Studies also addressed the use of frailty and viral load as potential measures to help guide care of patients hospitalized with COVID-19. Researchers looked at data on 1,564 adults to determine frailty prevalence and its potential association with in-hospital mortality. The Clinical Frailty Scale (CFS) was used, with scores of 1 to 2 indicating fit, 3 to 4 indicating vulnerable but not frail, 5 to 6 indicating initial signs of frailty but some degree of independence, and 7 to 9 indicating severe or very severe frailty. Results were published June 30 by The Lancet Public Health.

When compared to patients with a CFS score of 1 to 2, adjusted hazard ratios for time from hospital admission to death were 1.55 (95% CI, 1.00 to 2.41) for patients with a CFS score of 3 to 4, 1.83 (95% CI, 1.15 to 2.91) for those with a CFS score of 5 to 6, and 2.39 (95% CI, 1.50 to 3.81) for those with a CFS score of 7 to 9. Adjusted odds ratios for mortality at day 7 were 1.22 (95% CI, 0.63 to 2.38), 1.62 (95% CI, 0.81 to 3.26), and 3.12 (95% CI, 1.56 to 6.24), respectively.

“Overall, these findings support the use of frailty as a trigger for specialist resource allocation, pathway decision aid, and in shared decision making in people with COVID-19,” the authors wrote. “The findings show the importance of frailty assessment, rather than age, in combination with other measures in the context of COVID-19.”

A study published June 30 by Clinical Infectious Diseases found that COVID-19 patients with a higher viral load at hospital admission are at higher risk for intubation and death.

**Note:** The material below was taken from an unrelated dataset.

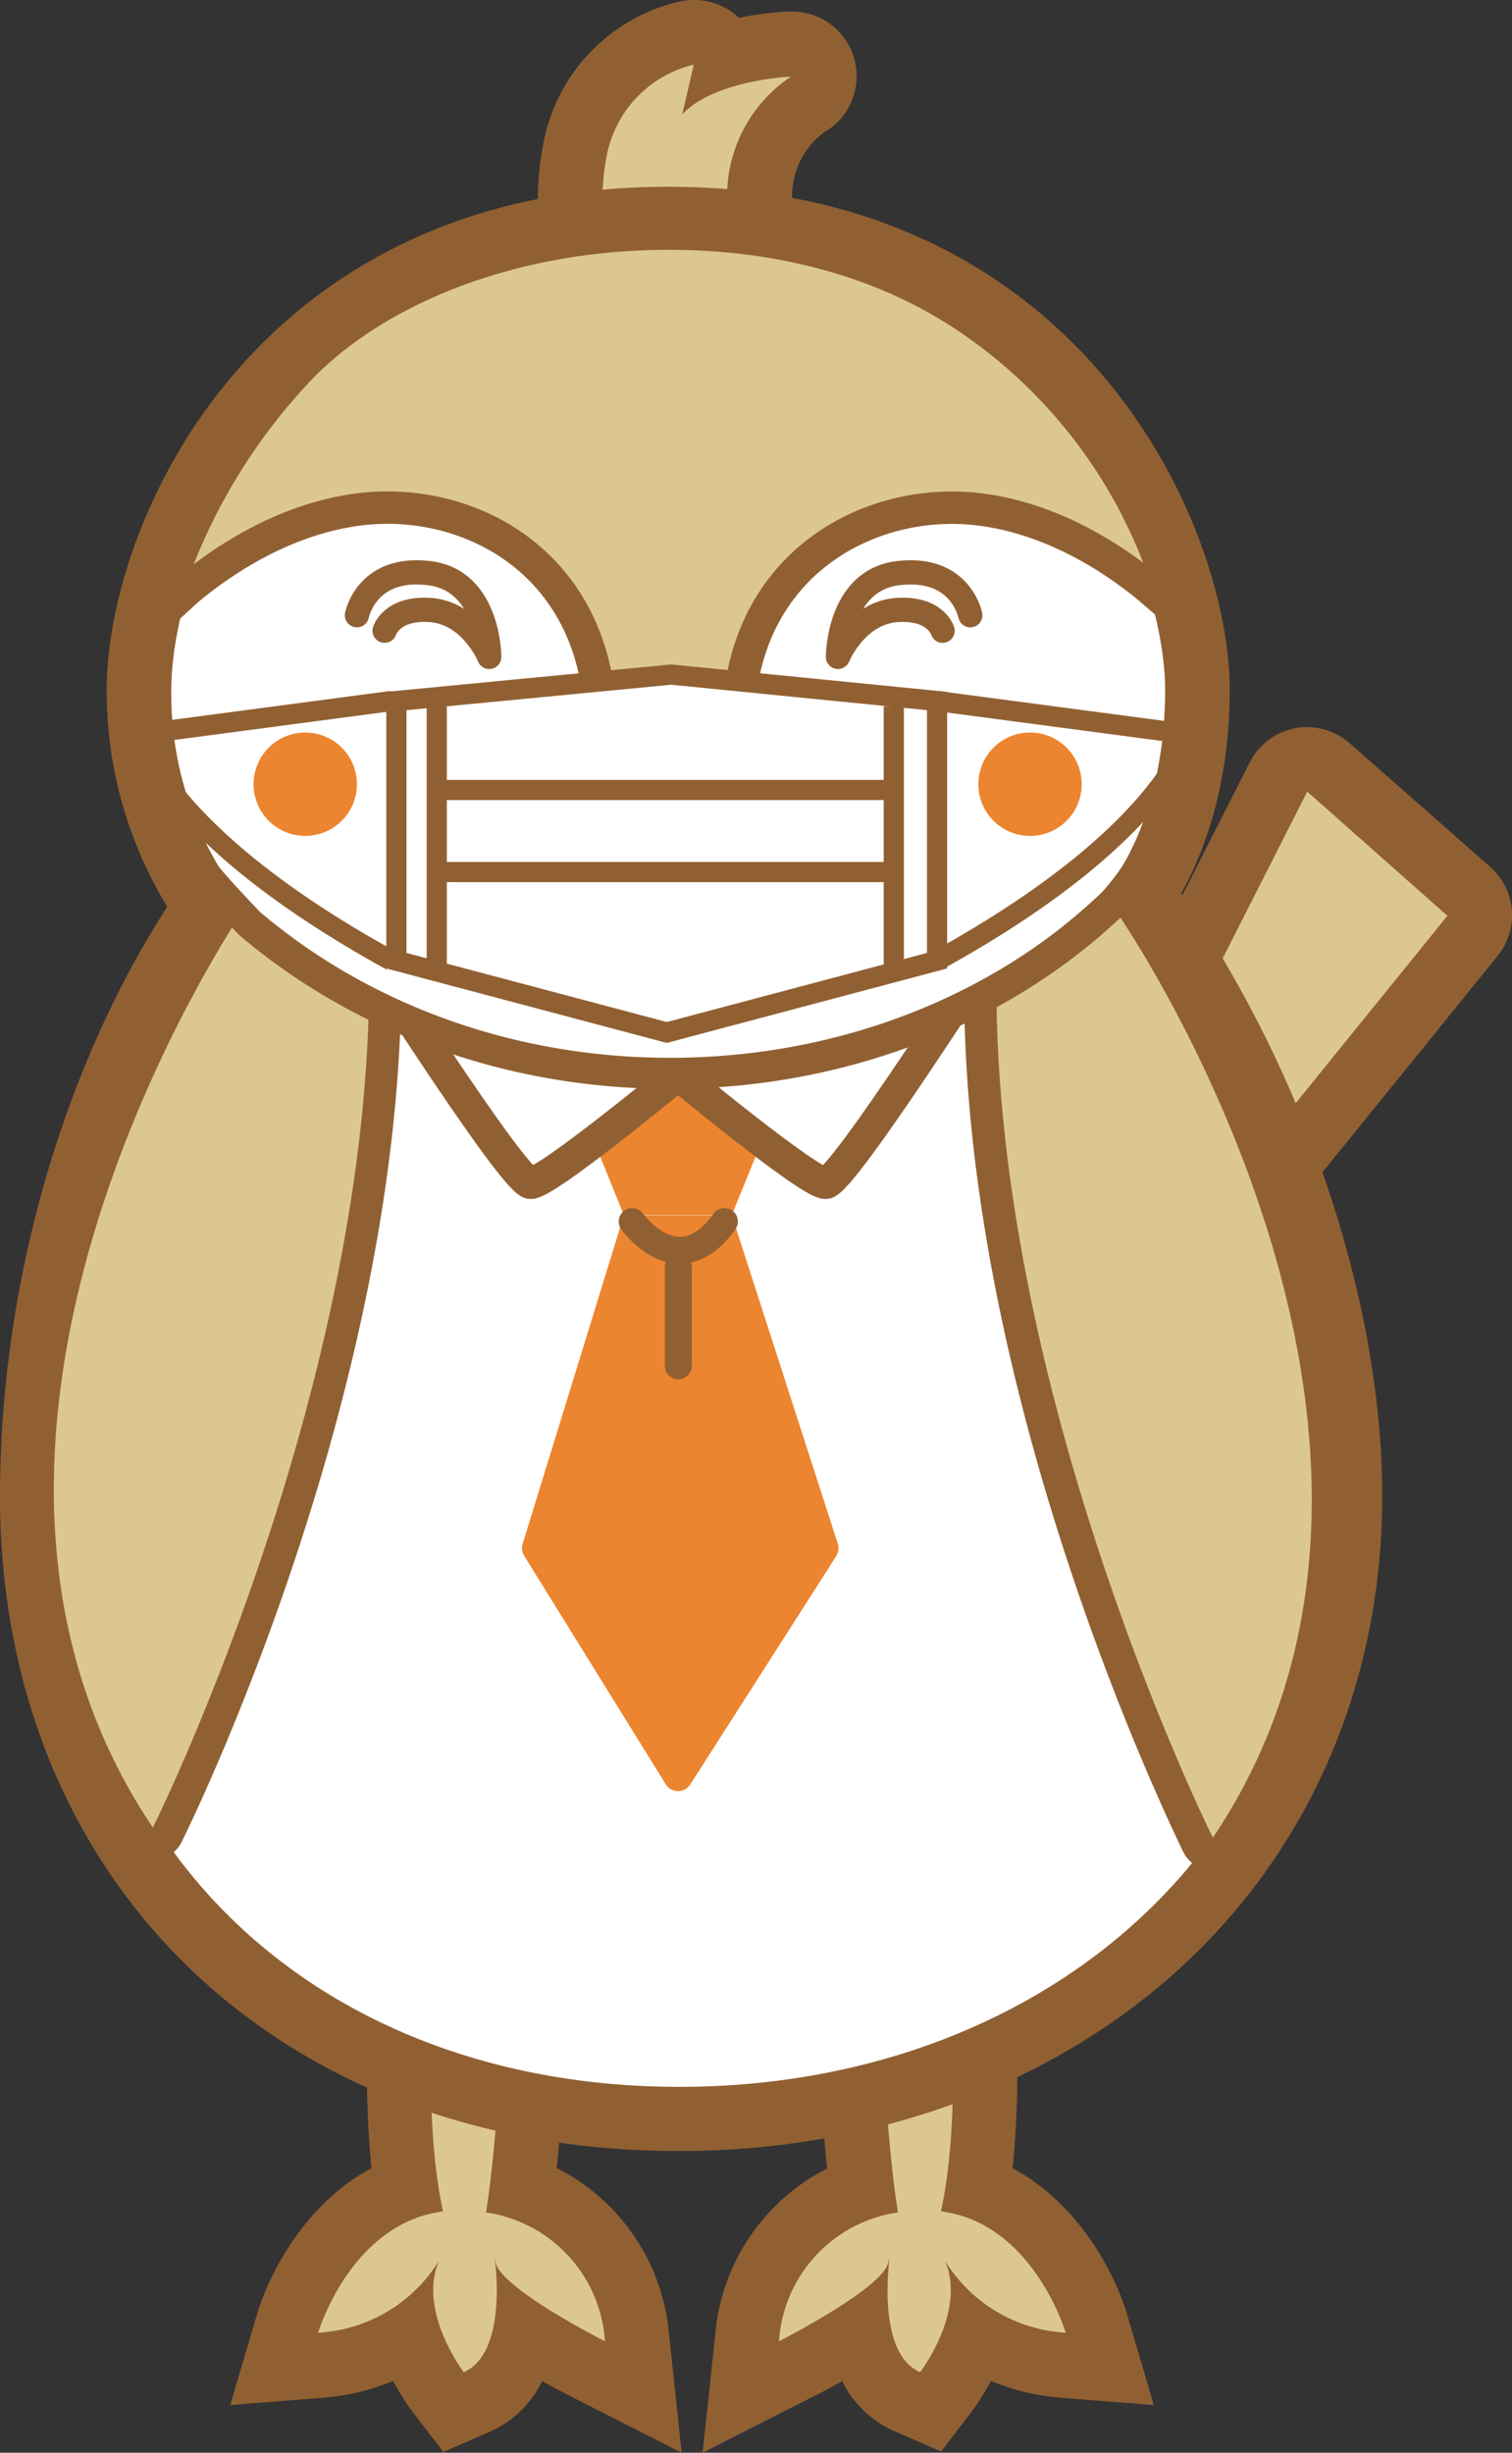 <svg xmlns="http://www.w3.org/2000/svg" viewBox="0 0 131.07 212.52"><rect x="0" y="0" width="131.07" height="212.52" fill="#333333" stroke="none"/><defs><style>.cls-1{fill:#ddc791;}.cls-2{fill:#916032;}.cls-13,.cls-3,.cls-7{fill:#fff;}.cls-4{fill:#ec852f;}.cls-10,.cls-11,.cls-12,.cls-14,.cls-5,.cls-6,.cls-8{fill:none;}.cls-10,.cls-11,.cls-12,.cls-13,.cls-14,.cls-5,.cls-6,.cls-7,.cls-8,.cls-9{stroke:#916032;}.cls-10,.cls-11,.cls-12,.cls-5,.cls-6,.cls-8,.cls-9{stroke-linecap:round;stroke-linejoin:round;}.cls-5{stroke-width:2.33px;}.cls-6{stroke-width:2.76px;}.cls-13,.cls-14,.cls-7{stroke-miterlimit:10;}.cls-7{stroke-width:11.2px;}.cls-8{stroke-width:2.69px;}.cls-9{fill:#e3cb17;stroke-width:2.62px;}.cls-10{stroke-width:1.34px;}.cls-11{stroke-width:2.81px;}.cls-12{stroke-width:2.1px;}.cls-13,.cls-14{stroke-width:1.75px;}</style></defs><g id="Layer_2" data-name="Layer 2"><g id="目"><path class="cls-1" d="M103.83,108.87a2.69,2.69,0,0,1-.57-.06,2.79,2.79,0,0,1-2.13-2L97.77,94.69a2.78,2.78,0,0,1,.2-2l12.86-25.34a2.78,2.78,0,0,1,2-1.49,3.05,3.05,0,0,1,.52,0,2.81,2.81,0,0,1,1.86.71l12.15,10.76a2.79,2.79,0,0,1,.32,3.85L106,107.84A2.8,2.8,0,0,1,103.83,108.87Z"/><path class="cls-2" d="M113.32,68.59l12.15,10.76-21.64,26.72-3.37-12.13,12.86-25.35m0-5.6a5.16,5.16,0,0,0-1,.1,5.59,5.59,0,0,0-4,3L95.47,91.41a5.55,5.55,0,0,0-.4,4l3.36,12.14a5.61,5.61,0,0,0,9.75,2l21.64-26.72a5.59,5.59,0,0,0-.64-7.72L117,64.4A5.65,5.65,0,0,0,113.32,63Z"/><path class="cls-1" d="M38,207.24a17.4,17.4,0,0,1-2.56-4.82,16.41,16.41,0,0,1-7.62,2.49l-4.07.33,1.16-3.91c.12-.41,2.76-9.08,10.28-11.81a78.18,78.18,0,0,1-.44-15.34l.3-3.8,11.31,4.56-.08,2c0,.33-.32,7.05-1,12.69a14.82,14.82,0,0,1,10,12.95l.55,5.13-4.6-2.33a59.78,59.78,0,0,1-5.66-3.22q-.88,4.53-4.19,6l-2,.87Z"/><path class="cls-2" d="M37.54,174.4l5.93,2.39s-.4,9.08-1.34,14.91a12.07,12.07,0,0,1,10.31,11.16s-9-4.55-9.47-6.81c0-.23-.08-.34-.08-.34s1.19,8.15-2.69,9.83c0,0-4-5.23-2.16-9.63a13.17,13.17,0,0,1-10.46,6.21s2.8-9.47,10.82-10.51c-1.63-7.52-.86-17.21-.86-17.21m-5-8.05L32,174a85.74,85.74,0,0,0,.2,13.87c-5.66,3-8.83,9-9.94,12.71l-2.3,7.81,8.12-.64a19.9,19.9,0,0,0,6-1.45,19.91,19.91,0,0,0,1.7,2.7l2.66,3.45,4-1.74A9.13,9.13,0,0,0,47,206.31c.88.5,1.84,1,2.9,1.54l9.19,4.67L58,202.27a17.88,17.88,0,0,0-9.74-14.42c.54-5.2.78-10.52.79-10.81l.18-4-3.67-1.48-5.94-2.39-7.07-2.86Z"/><path class="cls-1" d="M78.65,208.1c-2.2-.95-3.6-2.95-4.19-6a58.86,58.86,0,0,1-5.67,3.22l-4.59,2.33.54-5.13a14.84,14.84,0,0,1,10-12.95c-.7-5.64-1-12.36-1-12.69l-.09-2,11.31-4.56.3,3.8a77.79,77.79,0,0,1-.43,15.34c7.51,2.73,10.16,11.4,10.28,11.81l1.15,3.91-4.06-.33a16.45,16.45,0,0,1-7.63-2.49A17.78,17.78,0,0,1,82,207.25L80.65,209Z"/><path class="cls-2" d="M82.43,174.4s.77,9.69-.86,17.21c8,1,10.81,10.51,10.81,10.51a13.16,13.16,0,0,1-10.45-6.21c1.86,4.4-2.17,9.63-2.17,9.63-3.87-1.68-2.61-9.83-2.68-9.83a2.22,2.22,0,0,0-.08.34c-.51,2.26-9.47,6.81-9.47,6.81A12.06,12.06,0,0,1,77.84,191.7c-.94-5.83-1.34-14.91-1.34-14.91l5.93-2.39m5-8.05-7.07,2.86L74.4,171.6l-3.67,1.48.17,4c0,.29.26,5.61.8,10.81A17.86,17.86,0,0,0,62,202.27l-1.09,10.25,9.19-4.67c1.06-.53,2-1,2.9-1.54a9.13,9.13,0,0,0,4.58,4.36l4,1.74L84.2,209a21,21,0,0,0,1.7-2.7,19.83,19.83,0,0,0,6,1.45l8.12.64-2.3-7.81c-1.11-3.74-4.28-9.68-9.94-12.71A83.86,83.86,0,0,0,88,174l-.6-7.61Z"/><path class="cls-3" d="M58.84,183.6c-33,0-56.06-22.19-56.06-54,0-19.21,6.14-39,16.43-52.89l.08-.11.25-.38c6.56-9.69,20.37-26,39.16-26,13.61,0,27,8.94,39.86,26.58C110,92.34,117,112.56,117,129.64,117,160.9,92.56,183.6,58.84,183.6Z"/><path class="cls-2" d="M58.7,53.08c14.92,0,27.93,12.14,37.61,25.43,11,15,18,34.7,18,51.13,0,31.1-24.82,51.18-55.43,51.18S5.56,160.74,5.56,129.64c0-16.47,4.8-36.26,15.88-51.24.8-1,15.53-25.32,37.26-25.32m0-5.56c-20.07,0-34.59,17-41.46,27.18L17,75l-.05,0C6.34,89.47,0,109.85,0,129.64c0,33.4,24.19,56.74,58.84,56.74,16.52,0,31.75-5.45,42.88-15.33,11.67-10.37,18.1-25.08,18.1-41.41,0-17.64-7.29-38.49-19-54.42C87.41,56.85,73.24,47.52,58.7,47.52Z"/><polygon class="cls-4" points="58.76 91.73 51.19 98.16 54.08 105.27 63.44 105.27 66.34 98.16 58.76 91.73"/><path class="cls-4" d="M57.71,154.6,45.43,134.79a1.24,1.24,0,0,1-.13-1l8.51-27.61a1.26,1.26,0,0,1,1.2-.88h7.52a1.25,1.25,0,0,1,1.19.87l8.91,27.6a1.27,1.27,0,0,1-.14,1.06L59.84,154.61A1.26,1.26,0,0,1,57.71,154.6Z"/><path class="cls-5" d="M54.8,105.84s4,5.61,8,0"/><line class="cls-5" x1="58.8" y1="109.74" x2="58.8" y2="118.35"/><path class="cls-1" d="M13.22,159.76a1.4,1.4,0,0,1-1.16-.62c-23.51-35,7.82-81,8.14-81.48a1.4,1.4,0,0,1,.93-.58.82.82,0,0,1,.22,0,1.35,1.35,0,0,1,.84.28C28.43,82,32.4,83.46,32.44,83.48a1.4,1.4,0,0,1,.94,1.32c0,35.88-18.71,73.8-18.9,74.18a1.43,1.43,0,0,1-1.17.78Z"/><path class="cls-2" d="M21.35,78.46C27.88,83.36,32,84.8,32,84.8c0,36-18.75,73.55-18.75,73.55C-10,123.78,21.35,78.46,21.35,78.46m0-2.81a3.42,3.42,0,0,0-.45,0,2.8,2.8,0,0,0-1.85,1.17A112.79,112.79,0,0,0,5.9,104.6c-6.73,21.32-5,40.45,5,55.32a2.81,2.81,0,0,0,2.33,1.24h.18a2.82,2.82,0,0,0,2.33-1.55c.78-1.56,19-38.6,19.05-74.81a2.8,2.8,0,0,0-1.88-2.65S29.06,80.74,23,76.22a2.8,2.8,0,0,0-1.69-.57Z"/><path class="cls-1" d="M105,160.63a1.4,1.4,0,0,1-1.17-.78c-.19-.37-18.87-38.29-18.9-74.18a1.41,1.41,0,0,1,.94-1.32s4-1.45,10.24-6.14a1.44,1.44,0,0,1,.85-.28l.22,0a1.38,1.38,0,0,1,.93.59c.32.46,31.64,46.5,8.14,81.47a1.4,1.4,0,0,1-1.16.62Z"/><path class="cls-2" d="M97,79.33s31.38,45.32,8.14,79.9c0,0-18.73-37.59-18.76-73.56,0,0,4.1-1.43,10.62-6.34m0-2.8a2.78,2.78,0,0,0-1.68.56c-6,4.52-9.84,5.92-9.88,5.94a2.82,2.82,0,0,0-1.86,2.64c0,36.22,18.27,73.25,19,74.81a2.82,2.82,0,0,0,2.33,1.55h.19a2.79,2.79,0,0,0,2.32-1.25c10-14.87,11.73-34,5-55.32A113,113,0,0,0,99.28,77.74a2.81,2.81,0,0,0-1.86-1.18,3.4,3.4,0,0,0-.45,0Z"/><path class="cls-6" d="M31.3,81.65S44.57,102.51,46,102.51s12.77-9.38,12.77-9.38"/><path class="cls-6" d="M86.28,81.65S73,102.51,71.56,102.51s-12.77-9.38-12.77-9.38"/><path class="cls-1" d="M52.22,25.57a2.8,2.8,0,0,1-2.8-2.84l.06-3.86a22.58,22.58,0,0,1,.5-6.5,12.88,12.88,0,0,1,9.55-9.5,2.54,2.54,0,0,1,.61-.07,2.81,2.81,0,0,1,2,.82,2.89,2.89,0,0,1,.7,1.19,25.15,25.15,0,0,1,5.66-1h.12A2.8,2.8,0,0,1,70,9.06a9.67,9.67,0,0,0-4.13,8v5.67a2.79,2.79,0,0,1-2.8,2.79Z"/><path class="cls-2" d="M60.14,5.6l-1,4.32c2.78-3,9.42-3.28,9.42-3.28a12.45,12.45,0,0,0-5.53,10.44v5.69H52.22l.06-4A19.76,19.76,0,0,1,52.7,13,10.07,10.07,0,0,1,60.14,5.6m0-5.6a5.53,5.53,0,0,0-1.21.13,15.56,15.56,0,0,0-11.68,11.6A25.75,25.75,0,0,0,46.67,19l-.05,3.74a5.6,5.6,0,0,0,5.6,5.68H63.06a5.59,5.59,0,0,0,5.6-5.59V17.12a6.9,6.9,0,0,1,2.8-5.67A5.6,5.6,0,0,0,68.6,1h-.24a27.12,27.12,0,0,0-4.3.55A5.63,5.63,0,0,0,60.14,0Z"/><path class="cls-7" d="M19.78,76.44a30.24,30.24,0,0,1-4.93-16.66c0-11.72,10.69-38,43.09-38S101,48.38,101,59.78s-4.89,17-4.89,17"/><path class="cls-3" d="M96.14,76.73A54,54,0,0,1,57.8,92.12a54.39,54.39,0,0,1-36.45-13.6,29.21,29.21,0,0,1-6.5-18.74c0-11.72,10.69-38,43.09-38S101,48.38,101,59.78,96.14,76.73,96.14,76.73Z"/><path class="cls-8" d="M98.65,75.44a23.22,23.22,0,0,1-2.23,2.89C87,87.33,73.3,93,58.08,93,43.84,93,31,88,21.62,80c0,0-3.23-3.35-4.11-4.59"/><path class="cls-9" d="M68.42,67.68,61,61.2a3.27,3.27,0,0,0-4.12,0l-7.42,6.48a2.32,2.32,0,0,0,0,3.6l7.42,6.48a3.23,3.23,0,0,0,4.12,0l7.42-6.48A2.32,2.32,0,0,0,68.42,67.68Z"/><polyline class="cls-10" points="48.95 69.09 58.94 73.11 68.99 69.09"/><path class="cls-1" d="M100,51.34A42.77,42.77,0,0,0,83.55,29C76,23.77,67,21.65,57.94,21.65,45,21.65,33.8,26.12,27.33,32.57A49.94,49.94,0,0,0,15.58,52.3s7.25-6.95,15-8.08c4.61-.67,10.8.36,14.85,3.77,2.49,2.09,6.66,6.35,6.66,15.08l3.43-3.44c.73-.74,1.17-1.36,2.26-1.37a4.25,4.25,0,0,1,2.34.82l3.86,4c.23-5.46,1.21-10.15,5.54-14.11,4.16-3.81,8.89-5.47,15.64-4.79C91.62,44.82,100,51.34,100,51.34Z"/><path class="cls-11" d="M52.06,63.07c0-14.1-11.3-20.27-21.18-18.9-6.44.89-11.69,4.5-14.58,6.9l-2.18,2"/><path class="cls-11" d="M64,63.07c-.06-14,11.29-20.25,21.18-18.9,6.2.85,11.31,4.23,14.25,6.63l2.81,2.4"/><circle class="cls-4" cx="26.46" cy="67.95" r="4.48"/><circle class="cls-4" cx="89.29" cy="67.95" r="4.48"/><path class="cls-12" d="M84.11,53.31s-.82-4.31-6.26-3.65c-5.22.63-5.21,7.26-5.21,7.26s1.56-3.86,5.19-4.07c3.29-.19,3.88,1.8,3.88,1.8"/><path class="cls-12" d="M30.94,53.31s.82-4.31,6.26-3.65c5.22.63,5.21,7.26,5.21,7.26s-1.56-3.86-5.19-4.07c-3.29-.19-3.88,1.8-3.88,1.8"/><polygon class="cls-13" points="81.23 83.24 57.8 89.46 34.36 83.24 34.36 60.74 58.19 58.45 81.23 60.74 81.23 83.24"/><line class="cls-13" x1="37.86" y1="68.45" x2="77.74" y2="68.45"/><line class="cls-13" x1="37.86" y1="75.56" x2="77.74" y2="75.56"/><line class="cls-13" x1="37.86" y1="61.2" x2="37.86" y2="84.21"/><line class="cls-13" x1="77.48" y1="61.2" x2="77.48" y2="84.21"/><path class="cls-14" d="M81.23,60.74l21.83,2.89s-1.94,8.66-21.83,19.61"/><path class="cls-14" d="M33.93,60.74,12.1,63.63S14,72.29,33.93,83.24"/></g></g></svg>

The retrospective cohort study looked at 678 patients hospitalized with COVID-19 from March 30 to April 30 at two New York City hospitals. Rates of in-hospital mortality and intubation were 35.0% and 29.1%, 17.6% and 20.8%, and 6.2% and 14.9% for those with high, medium, and low viral loads, respectively. An independent association was seen between high viral load and both death and intubation (adjusted odds ratios, 6.05 [95% CI, 2.92 to 12.52] and 2.73 [95% CI, 1.68 to 4.44]). The researchers concluded that SARS-CoV-2 viral load at admission is independently associated with risk for intubation and in-hospital death and that providing this information to clinicians might help inform care decisions.

Finally, a research letter published by Annals of Internal Medicine on June 29 found that step counts worldwide decreased after COVID-19 was declared a global pandemic on March 11. According to deidentified individual data from the smartphones of 455,404 unique users in 187 countries, mean steps decreased 5.5% and 27.3% worldwide within 10 days and 30 days, respectively, of the pandemic declaration. Average step count change as well as the timing and rate of change varied widely by region, probably reflecting variations in COVID-19 timing, regional enforcement of mitigation efforts, and behavior change, the authors said.

In the United States, decreased mobility appears to have helped decrease COVID-19 transmission, according to a mathematical modeling study published by The Lancet Infectious Diseases on July 1. Researchers used anonymous aggregated mobility data derived from mobile phones to look at real-time trends in movement patterns in 25 U.S. counties and used epidemiologic data to determine COVID-19 growth rate ratios. They found a strong correlation between decreased COVID-19 case growth rates and mobility patterns, which dropped by 35% to 63% and appear to have started to decrease in many places in the U.S. before state or local stay-at-home orders were issued. The researchers concluded that their findings strongly support the effectiveness of social distancing as way to slow the spread of COVID-19 in the United States.